Backups
Verification
Section titled “Verification”Backups, and verification process use gitlab-restore pipeline to automate everything.
The pipeline fetches the ID of the latest CloudSQL backup for the GCP project it
runs against (e.g. gitlab-subscriptions-prod
). A pre-provisioned CloudSQL on
gitlab-restore
is used to restore the backup. Finally a verify job runs a set
of queries to make sure that a recent database has been restored.
GitLab Analysis
Section titled “GitLab Analysis”The data team uses the backups as a data source to extract information without affecting the production database.
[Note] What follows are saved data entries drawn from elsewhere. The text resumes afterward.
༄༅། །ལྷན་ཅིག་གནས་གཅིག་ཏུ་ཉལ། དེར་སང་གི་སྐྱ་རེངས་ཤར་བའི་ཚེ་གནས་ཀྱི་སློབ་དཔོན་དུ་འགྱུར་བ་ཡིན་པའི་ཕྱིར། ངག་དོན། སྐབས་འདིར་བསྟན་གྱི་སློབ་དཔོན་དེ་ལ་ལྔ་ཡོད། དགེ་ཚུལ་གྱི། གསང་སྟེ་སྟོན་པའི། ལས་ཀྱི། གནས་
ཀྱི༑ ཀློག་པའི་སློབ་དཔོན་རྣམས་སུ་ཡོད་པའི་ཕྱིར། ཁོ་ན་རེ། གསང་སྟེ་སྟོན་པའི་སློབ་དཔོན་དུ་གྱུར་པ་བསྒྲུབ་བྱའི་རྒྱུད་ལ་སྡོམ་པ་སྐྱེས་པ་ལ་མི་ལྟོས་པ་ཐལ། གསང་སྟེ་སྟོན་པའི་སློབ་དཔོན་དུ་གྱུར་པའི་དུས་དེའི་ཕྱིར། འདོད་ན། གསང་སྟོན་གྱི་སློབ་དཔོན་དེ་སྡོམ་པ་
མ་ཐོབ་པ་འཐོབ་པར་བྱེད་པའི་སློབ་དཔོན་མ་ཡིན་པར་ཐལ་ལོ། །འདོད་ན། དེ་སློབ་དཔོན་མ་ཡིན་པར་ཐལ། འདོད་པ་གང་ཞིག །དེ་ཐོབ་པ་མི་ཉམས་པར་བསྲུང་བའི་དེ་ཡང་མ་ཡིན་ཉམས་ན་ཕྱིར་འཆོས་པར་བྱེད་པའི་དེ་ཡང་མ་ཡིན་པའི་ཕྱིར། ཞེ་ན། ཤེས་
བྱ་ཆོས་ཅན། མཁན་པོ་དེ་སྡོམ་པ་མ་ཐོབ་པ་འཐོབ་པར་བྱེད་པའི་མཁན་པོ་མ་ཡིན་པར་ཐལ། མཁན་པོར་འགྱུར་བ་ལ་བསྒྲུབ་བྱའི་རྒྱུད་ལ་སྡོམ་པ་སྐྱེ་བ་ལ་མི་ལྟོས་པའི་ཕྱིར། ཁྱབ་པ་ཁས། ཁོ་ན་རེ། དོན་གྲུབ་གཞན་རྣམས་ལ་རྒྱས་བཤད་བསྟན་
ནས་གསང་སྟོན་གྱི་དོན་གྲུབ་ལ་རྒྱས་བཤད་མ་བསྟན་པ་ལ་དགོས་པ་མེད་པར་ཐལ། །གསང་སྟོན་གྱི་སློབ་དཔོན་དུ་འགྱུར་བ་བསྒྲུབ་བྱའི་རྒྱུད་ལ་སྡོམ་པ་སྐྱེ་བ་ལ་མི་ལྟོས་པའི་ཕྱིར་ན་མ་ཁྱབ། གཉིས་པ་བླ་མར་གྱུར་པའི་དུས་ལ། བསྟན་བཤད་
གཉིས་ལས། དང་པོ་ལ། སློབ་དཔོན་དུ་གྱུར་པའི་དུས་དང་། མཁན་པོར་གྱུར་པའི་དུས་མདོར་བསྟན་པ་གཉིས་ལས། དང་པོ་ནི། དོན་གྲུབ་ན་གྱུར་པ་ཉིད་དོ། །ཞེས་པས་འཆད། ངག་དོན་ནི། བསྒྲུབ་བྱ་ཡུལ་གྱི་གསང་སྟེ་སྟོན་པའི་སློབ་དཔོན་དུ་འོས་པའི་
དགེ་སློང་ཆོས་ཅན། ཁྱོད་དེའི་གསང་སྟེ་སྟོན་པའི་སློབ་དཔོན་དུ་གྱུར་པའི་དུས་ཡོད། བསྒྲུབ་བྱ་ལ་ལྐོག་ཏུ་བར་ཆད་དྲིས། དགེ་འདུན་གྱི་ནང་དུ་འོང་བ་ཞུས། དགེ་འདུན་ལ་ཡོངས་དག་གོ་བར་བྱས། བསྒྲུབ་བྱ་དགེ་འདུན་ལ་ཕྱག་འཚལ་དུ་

flowchart LR subgraph gitlab-restore[gitlab-restore VPC] customers-dot-proxy[customers-dot-proxy machine] restore-stgsub[restore-stgsub CloudSQL instance] restore-prdsub[restore-prdsub CloudSQL instance] end
subgraph gitlab-analysis[gitlab-anaalysis VPC] extract-pipeline--query postgres-->customers-dot-proxy end
gitlab-restore -.peering.-> gitlab-analysis gitlab-analysis -.peering.-> gitlab-restore customers-dot-proxy --> restore-stgsub customers-dot-proxy --> restore-prdsub
style gitlab-restore fill:#88c style gitlab-analysis fill:#548
Connections from peered projects into CloudSQL instances cannot be established
directly, so a proxy of sorts is needed for the gitlab-analysis
to access the
databases. A proxy VM (named customers-dot-proxy
) is created by the
gitlab-restore
pipeline, on which a CloudSQL Auth Proxy process is running.
Processes from gitlab-analysis
connect to CloudSQL Auth Proxy as if they are
connecting to a normal PostgreSQL database.
The proxy VM has a static private
IP,
and GCP firewall rules exists to allow connections from known
subnets
on gitlab-analysis
to the gitlab-restore
project.
The name of the PostgreSQL databases are CustomersDot_production
and
CustomersDot_stg
, for production and staging, respectively.